The answer is it depends Darin. It depends on what is the cost of failure of your system. If you have to ship and obviously this is the classic problem. Normally release dates, especially for high profile projects, release dates are broadcast and advertised and there's a hard date, regardless of what's the status of your application. Now if you push code out the door which has known problems, first of all you've got to expect those problems coming home to roost. Then the question becomes what's the consequence of failure? How much is it going to cost me? What's the cost of poor reputation? What's the cost of exposed security? Does it have a direct financial cost? Does it have a transactional cost? Does it have a reputational cost? If those costs are acceptable to you, then okay. You can push that code out the door and you can fix it up with hotfixes or you can push new releases out the door. Playing catch up but you should do it in a controlled way so you know exactly where to focus your energies, so you know exactly where to focus the attention and the time and the effort and instead of playing with a shotgun, you should be playing with a sniper rifle.
But isn't that just another form of technical debt? You've decided to ship quote unquote too early.
My point I guess is around the feedback. Let's say you shipped too early. Fine. There's a lot of reasons for why you have to have a fixed release date. In an ideal world, of course, you wouldn't ship early. If you do ship early, you want to know which parts of the system are fragile at the very least. The best case you've got everything properly tested and validated and you're fully under control but in the worst case you have at least an idea where you can expect problems.
I don't even think that technical debt is necessarily always a bad thing. It's similar like financial debt. You can take a debt because it will speed up your business and you will pay it off or you can be silly and just take a debt that you can not pay off and then you need to sell your house. With debt, it really depends whether it's conscious or unconscious, whether it's planned or unplanned, whether you have an idea how you're going to pay it back and that you are going to pay it back. The problem is when you you know you go to a shop and you start maxing your credit cards like crazy. That's a bad form of debt.
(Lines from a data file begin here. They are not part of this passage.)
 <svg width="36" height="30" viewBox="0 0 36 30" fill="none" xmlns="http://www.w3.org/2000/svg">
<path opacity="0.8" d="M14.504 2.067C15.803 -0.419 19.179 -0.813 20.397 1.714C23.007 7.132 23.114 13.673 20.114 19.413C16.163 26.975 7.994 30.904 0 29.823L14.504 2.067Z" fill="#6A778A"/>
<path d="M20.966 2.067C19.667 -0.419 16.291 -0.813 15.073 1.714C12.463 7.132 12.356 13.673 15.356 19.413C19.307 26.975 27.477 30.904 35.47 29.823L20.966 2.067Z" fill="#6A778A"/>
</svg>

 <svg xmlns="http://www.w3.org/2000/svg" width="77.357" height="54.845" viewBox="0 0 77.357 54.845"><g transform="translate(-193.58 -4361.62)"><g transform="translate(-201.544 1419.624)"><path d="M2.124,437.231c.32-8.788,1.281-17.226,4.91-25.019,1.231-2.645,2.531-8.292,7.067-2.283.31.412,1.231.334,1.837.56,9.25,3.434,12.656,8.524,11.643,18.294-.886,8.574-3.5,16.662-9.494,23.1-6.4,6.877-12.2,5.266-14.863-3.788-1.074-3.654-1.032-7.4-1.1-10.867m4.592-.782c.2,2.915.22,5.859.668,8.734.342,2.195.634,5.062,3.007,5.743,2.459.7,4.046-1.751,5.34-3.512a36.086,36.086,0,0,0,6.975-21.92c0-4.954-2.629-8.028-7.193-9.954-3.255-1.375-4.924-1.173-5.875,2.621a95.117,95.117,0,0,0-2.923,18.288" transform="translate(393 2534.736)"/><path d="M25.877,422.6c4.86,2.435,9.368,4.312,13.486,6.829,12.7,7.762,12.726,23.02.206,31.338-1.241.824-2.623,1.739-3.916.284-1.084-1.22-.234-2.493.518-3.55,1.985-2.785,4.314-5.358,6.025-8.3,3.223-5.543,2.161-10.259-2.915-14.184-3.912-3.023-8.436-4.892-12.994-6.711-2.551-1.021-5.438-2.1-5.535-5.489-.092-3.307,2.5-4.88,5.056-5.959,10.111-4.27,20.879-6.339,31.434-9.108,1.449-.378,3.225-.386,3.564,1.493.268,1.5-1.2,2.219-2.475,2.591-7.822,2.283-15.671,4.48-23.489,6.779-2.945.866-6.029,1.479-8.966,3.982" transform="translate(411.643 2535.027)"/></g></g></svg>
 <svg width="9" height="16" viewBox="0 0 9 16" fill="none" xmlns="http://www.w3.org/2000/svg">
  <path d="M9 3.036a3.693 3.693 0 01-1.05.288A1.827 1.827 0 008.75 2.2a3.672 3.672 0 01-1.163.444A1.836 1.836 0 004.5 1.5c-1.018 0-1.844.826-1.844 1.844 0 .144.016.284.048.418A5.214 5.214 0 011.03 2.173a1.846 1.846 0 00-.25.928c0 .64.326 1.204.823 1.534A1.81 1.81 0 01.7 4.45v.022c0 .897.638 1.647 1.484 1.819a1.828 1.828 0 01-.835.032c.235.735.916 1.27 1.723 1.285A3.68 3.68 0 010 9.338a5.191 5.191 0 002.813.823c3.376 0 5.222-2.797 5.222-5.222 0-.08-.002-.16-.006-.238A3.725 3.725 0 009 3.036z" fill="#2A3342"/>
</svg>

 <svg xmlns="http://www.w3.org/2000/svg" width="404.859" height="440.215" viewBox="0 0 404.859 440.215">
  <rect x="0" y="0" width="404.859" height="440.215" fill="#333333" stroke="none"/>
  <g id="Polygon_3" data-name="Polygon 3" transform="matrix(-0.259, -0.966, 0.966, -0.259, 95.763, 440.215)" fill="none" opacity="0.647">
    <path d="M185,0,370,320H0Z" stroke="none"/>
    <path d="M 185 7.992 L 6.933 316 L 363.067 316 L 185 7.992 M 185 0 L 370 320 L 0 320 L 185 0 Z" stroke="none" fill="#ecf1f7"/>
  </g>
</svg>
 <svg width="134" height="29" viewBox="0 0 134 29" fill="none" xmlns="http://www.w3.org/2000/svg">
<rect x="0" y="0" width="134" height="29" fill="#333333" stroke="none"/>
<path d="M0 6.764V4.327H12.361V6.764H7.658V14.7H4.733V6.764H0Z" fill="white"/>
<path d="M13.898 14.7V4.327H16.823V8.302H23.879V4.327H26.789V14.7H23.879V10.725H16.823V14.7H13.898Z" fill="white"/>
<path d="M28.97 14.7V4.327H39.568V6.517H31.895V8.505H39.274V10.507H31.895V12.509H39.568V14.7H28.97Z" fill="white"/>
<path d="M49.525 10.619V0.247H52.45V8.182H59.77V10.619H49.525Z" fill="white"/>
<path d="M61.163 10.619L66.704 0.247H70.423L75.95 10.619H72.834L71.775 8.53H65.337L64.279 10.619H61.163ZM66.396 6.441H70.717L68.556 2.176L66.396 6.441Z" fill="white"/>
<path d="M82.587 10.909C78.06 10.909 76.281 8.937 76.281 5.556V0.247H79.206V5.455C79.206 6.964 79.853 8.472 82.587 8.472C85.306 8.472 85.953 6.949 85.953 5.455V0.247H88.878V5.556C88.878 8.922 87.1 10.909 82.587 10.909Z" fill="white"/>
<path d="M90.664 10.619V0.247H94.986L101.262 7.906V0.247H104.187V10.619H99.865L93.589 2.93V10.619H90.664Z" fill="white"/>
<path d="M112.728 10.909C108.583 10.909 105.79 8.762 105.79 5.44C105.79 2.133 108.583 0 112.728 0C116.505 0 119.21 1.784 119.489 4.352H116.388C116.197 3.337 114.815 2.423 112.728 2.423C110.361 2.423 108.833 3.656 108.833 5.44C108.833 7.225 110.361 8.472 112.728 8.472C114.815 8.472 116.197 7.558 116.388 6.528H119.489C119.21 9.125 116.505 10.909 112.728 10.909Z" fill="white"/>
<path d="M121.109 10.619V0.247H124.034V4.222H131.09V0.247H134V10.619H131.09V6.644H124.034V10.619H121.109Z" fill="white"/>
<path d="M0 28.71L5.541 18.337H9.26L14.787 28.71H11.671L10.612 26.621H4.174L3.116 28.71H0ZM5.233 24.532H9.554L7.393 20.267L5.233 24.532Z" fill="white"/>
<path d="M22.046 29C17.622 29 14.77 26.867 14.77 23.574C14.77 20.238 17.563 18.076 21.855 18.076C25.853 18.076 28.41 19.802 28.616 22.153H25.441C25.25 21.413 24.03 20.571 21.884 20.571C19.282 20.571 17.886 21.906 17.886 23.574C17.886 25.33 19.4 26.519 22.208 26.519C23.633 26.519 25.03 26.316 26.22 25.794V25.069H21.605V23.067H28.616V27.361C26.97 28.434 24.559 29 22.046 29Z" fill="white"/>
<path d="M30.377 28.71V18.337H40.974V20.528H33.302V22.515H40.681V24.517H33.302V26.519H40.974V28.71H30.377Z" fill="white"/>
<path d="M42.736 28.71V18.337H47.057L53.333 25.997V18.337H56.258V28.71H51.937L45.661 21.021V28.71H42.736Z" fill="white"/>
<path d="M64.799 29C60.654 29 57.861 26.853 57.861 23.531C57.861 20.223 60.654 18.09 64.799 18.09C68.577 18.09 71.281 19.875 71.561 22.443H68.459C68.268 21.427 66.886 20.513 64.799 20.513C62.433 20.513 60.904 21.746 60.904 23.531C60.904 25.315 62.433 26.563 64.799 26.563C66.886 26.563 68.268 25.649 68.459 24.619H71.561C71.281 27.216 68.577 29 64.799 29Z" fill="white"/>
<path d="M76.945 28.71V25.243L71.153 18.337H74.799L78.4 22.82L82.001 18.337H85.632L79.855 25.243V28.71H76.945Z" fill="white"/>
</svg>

I agree entirely. The point is technical debt is a business decision, so you have to understand what's the cost or what's the consequence of going out with this technical debt and the problem is as Viktor points out if you don't pay off the debt sooner or later it's going to be a problem for you. Let's say an anti-pattern that I've seen quite a lot is when you're doing in sprint spaces, there's only a certain amount of work that's possible and if you're working on new features or if you're working on covering technical debt, there's only ever going to be a certain amount of work possible. As the technical debt builds up then more and more of the attention and more and more of the energy goes on dealing with that technical debt or moving slower because they're slowed down by this additional technical debt and then eventually sooner or later you just have to stop the development of new features and focusing on a consolidation round or focusing on cleaning up those problems. This is then the consequence of not paying back the debt and again it's just a business decision that you have to make but you have to make it with the best possible information available.
That becomes extremely complicated when you have multiple businesses on the same product or project. Long time ago, one of the companies I've worked in, we had three or four PMs and they would work one after another or in parallel. Then you have your project, my project, and your project and we're all on the same code base. When you are in such a situation, none of them had any incentive to ever fix the technical debt of the one that was generated by the previous PM you know in the previous quarter, iteration, whatever it is. So it is a business decision but only if it's made by somebody who has a complete control and interest of the project as a whole. If you split it into PMs, it's never going to be a real decision.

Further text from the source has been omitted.